Marius Volkhart [Mon, 1 Mar 2021 00:25:23 +0000 (00:25 +0000)]
Deprecate functions that duplicate functionality
DrawingGroupRecord#processChildRecords and AbstractEscherHolderRecord#convertRawBytesToEscherRecords duplicate the functionality of AbstractEscherHolderRecord#decode. This makes the code harder to follow, as it is not clear when certain access patterns repeat. Accordingly, these functions are deprecated and flagged for removal.
Marius Volkhart [Mon, 1 Mar 2021 00:04:51 +0000 (00:04 +0000)]
Review EscherContainerRecord#getChildRecords() call sites for unnecessary work
This started off as wanting to add the EscherContainerRecord#getChildCount() function in order to do an efficient check for how many children the container has. This was desirable in new code for editing HSSF pictures. The existing option of calling getChildRecords().size() was undesirable as this requires a list copy first.
In the process of finding call sites that would benefit from replacing getChildRecords().size(), I realized that several other patterns would benefit from eliminating a copy, such as iterating over the children in a for-each loop, and indexed access to specific children.
Marius Volkhart [Sun, 28 Feb 2021 23:16:14 +0000 (23:16 +0000)]
Add the ability to edit HSLFPictureData contents
Pictures can now be edited by calling HSLFPictureData#setData(byte[]). The byte[] should contain the image data as an image viewer might read it.
To enable this functionality, a tighter coupling between the EscherBSERecords of the slideshow and the HSLFPictureData was required. This ensures that changes in image data size are accurately recorded in the records.
In the course of coupling the records and the HSLFPictureData, various scenarios arose where a mapping of records to pictures was non-trivial. Accordingly, the HSLFSlideShowImpl#matchPicturesAndRecords(...) function was added to perform a more sophisticated matching pass. This function is heavily exercised by org.apache.poi.hslf.usermodel.TestBugs.testFile[5] and PPTX2PNG.render[2], as well as the new TestPictures#testSlideshowWithIncorrectOffsets().
Marius Volkhart [Sun, 28 Feb 2021 19:18:13 +0000 (19:18 +0000)]
Rename EscherRecordHolder to OfficeArtContent
While the class does indeed hold EscherRecords, due to recent refactoring it is much more structured now than it was before. The contents of the class now closely resemble the OfficeArtContent structure referenced in the MS-DOC spec. Naming the class after the specification structure makes it easier to find and understand.

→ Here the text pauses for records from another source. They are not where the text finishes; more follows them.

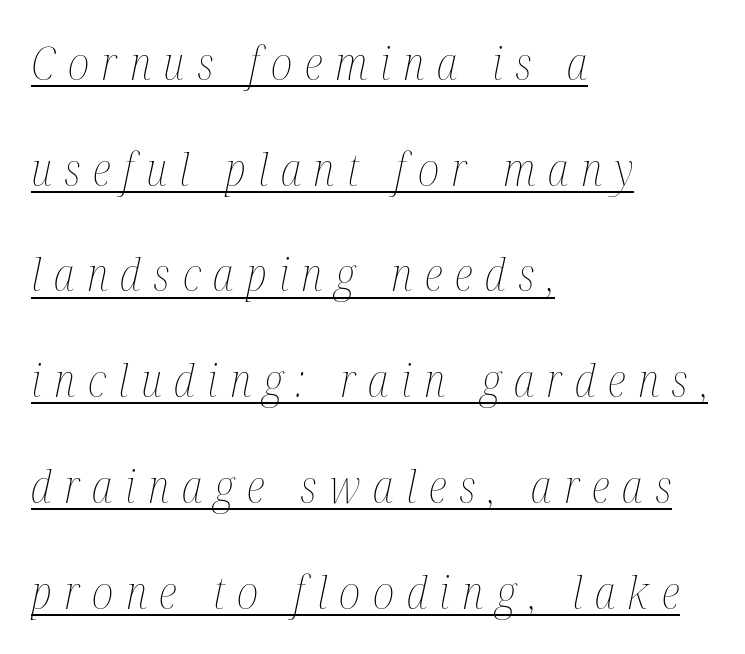
Q: Is the text bold? A: No.
Q: Is the text italic (slanted)? A: Yes, it leans right by about 12 degrees.
Q: Is the text underlined? A: Yes.
Q: How is the paragraph aligned? A: Left-aligned.
Q: Is the spacing between letters normal or unusually wide? A: Unusually wide.
Q: Is the spacing between lines tight, normal or loose? A: Loose.
Q: Width (condensed, normal, or wide)? A: Condensed.
Q: Stroke contrast? A: Medium.
Q: x-height? A: Medium.
Q: Monospaced? A: No.
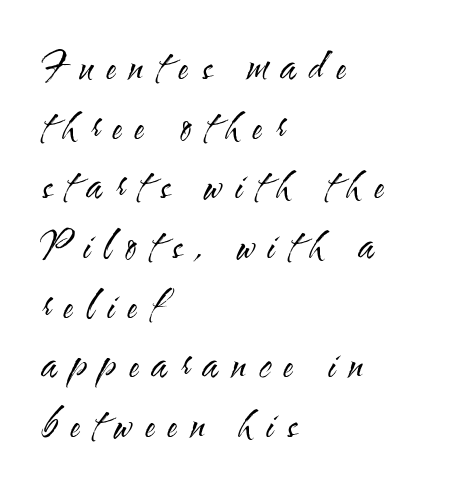
Q: Is the text bold? A: No.
Q: Is the text italic (slanted)? A: Yes.
Q: Is the typeface a serif or a sans-serif typeface? A: Sans-serif.
Q: Is the text underlined? A: No.
Q: How is the paragraph aligned? A: Left-aligned.
Q: Is the spacing between letters normal or unusually wide? A: Unusually wide.
Q: Is the spacing between lines tight, normal or loose? A: Normal.
Q: Width (condensed, normal, or wide)? A: Condensed.
Q: Stroke contrast? A: Medium.
Q: x-height? A: Small.
Q: Monospaced? A: No.
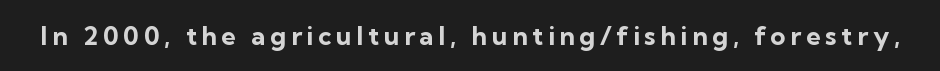
The image shows 26 px bold type, upright; set not underlined.
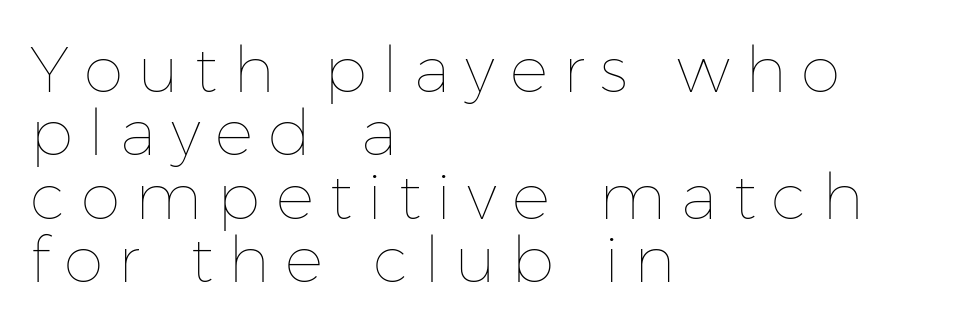
Someone cranked the tracking dial way up on this one. Notice how the passage keeps a crisp vertical edge on the left only. Caption: face not bold, strokes unweighted. Honestly, the rows look squashed on top of each other. The string is rendered with underlining switched off. These lines are rendered in a variable-pitch font.
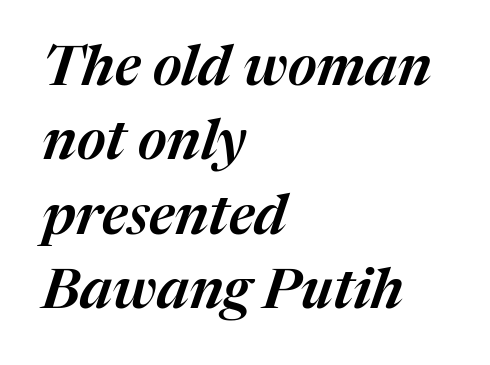
The image shows 56 px text type, italic (leaning right); set left-aligned, normal line spacing (1.33x), normal letter spacing, not underlined; medium stroke contrast and a medium x-height.

Marius Volkhart [Sun, 28 Feb 2021 18:49:42 +0000 (18:49 +0000)]
Rework EscherRecordHolder parsing
Modify the parsing done by EscherRecordHolder to be more deterministic. The format of the OfficeArtContent structure, which the EscherRecordHolder represents, is well defined in the MS-DOC spec. A clear class structure makes it easier to reason about the availability of data.